The NAM countries and Non-Alignment

Opinion

Non-Aligned-MovementThe recently held NAM meeting in Iran has highlighted the imminent threats faced by the countries and their capability to deal with these perils. For the uninitiated, the Non-Alignment movement was adopted by the post-colonial states to counter all forms of racial and cultural discrimination, economic exploitation against them and to promote nationalism. The cold war politics between the USA and the erstwhile USSR further fueled the movement.
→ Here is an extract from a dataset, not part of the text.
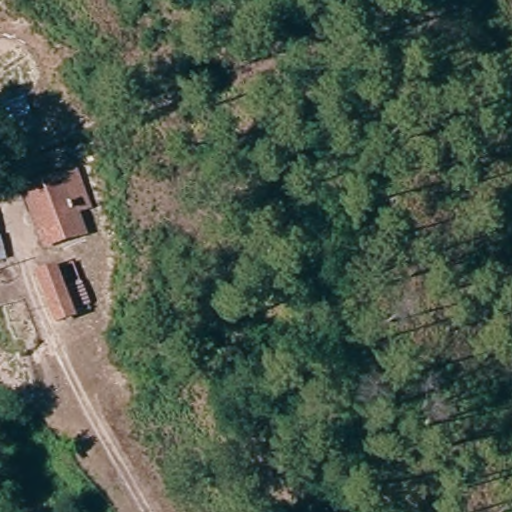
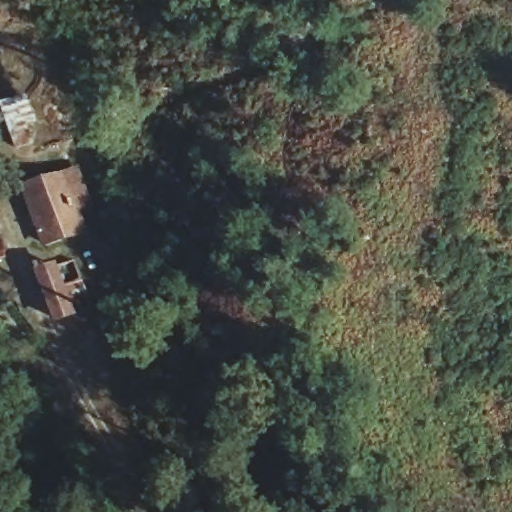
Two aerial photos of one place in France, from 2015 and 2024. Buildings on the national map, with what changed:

Though the cold war exists only in history books now, issues like arms race, proliferation of weapons of mass destruction, cross border terrorism, unemployment, poverty, food crises, economic slowdown, inflation provide sufficient reasons to the the 110 NAM countries to work cohesively. Together, they will be more effective in their efforts to bridge the gap between the developed, underdeveloped and third world countries, especially in the current economic climate. Race for armament among the NAM countries must take a backseat. Import of sophisticated arms, weapons from the west must be discouraged by all the NAM countries. Establishment of any western strategic, military base in the NAM countries must be avoided as it threatens political sovereignty. Rather, the resources must be channeled towards fighting poverty, unemployment and to establish democracy and human rights. The principle of Collective securities must be followed by all the members of NAM countries.

In the 16th NAM summit, the Indian Prime Minister, Mr. Manmohan Singh set an example when he dealt with Iran’s president Mahmoud Ahmadinejad and its supreme religious leader Ayatollah Khomeini by resisting U.S. led economic sanctions for its alleged violations of Nuclear non-proliferation treaty (N.P.T.). He also met with Mr. Asif Ali Zardari in an effort to pacify Indo-Pak relations. His endeavors to bring peace to West Asia led him to a discussion with Egypt’s new President Mohamed Morsi.

On the economic front, from its unique position, India should lead the NAM nations to establish a common economic market similar to the European Common Market. This will reduce dependency on the western countries and strengthen the local economy to make the NAM nations more self-reliant. A sound economic federation among the nations of the countries of Asia, Africa and Latin America can deal with the developed nations.

The internationally negotiated economic world order with its institutions like IMF, IBRD, GATT was not suitable to the newly independent nations. The NAM struggle for the establishment of a new international economic order (NIEO) has not been successful. In the NAM conferences, members emphasized on the issue of net transfer of resources and technical know-how to the developing and least developed countries and demanded lasting solutions to the third world debt crisis, the removal of protectionist barrier, remunerative commodity prices and stable monetary conditions at the UNCTAD meetings.

The Foreign ministers conference of NAM countries held at Ankara in September1991 proclaimed a manifesto titled “A world in transition from diminishing confrontation towards increased cooperation”. It emphasized the end of dialectics between the east and the west and the beginning of a new path of world peace. NAM will have work with the international community to solve problems like poverty, malnutrition, starvation and illiteracy.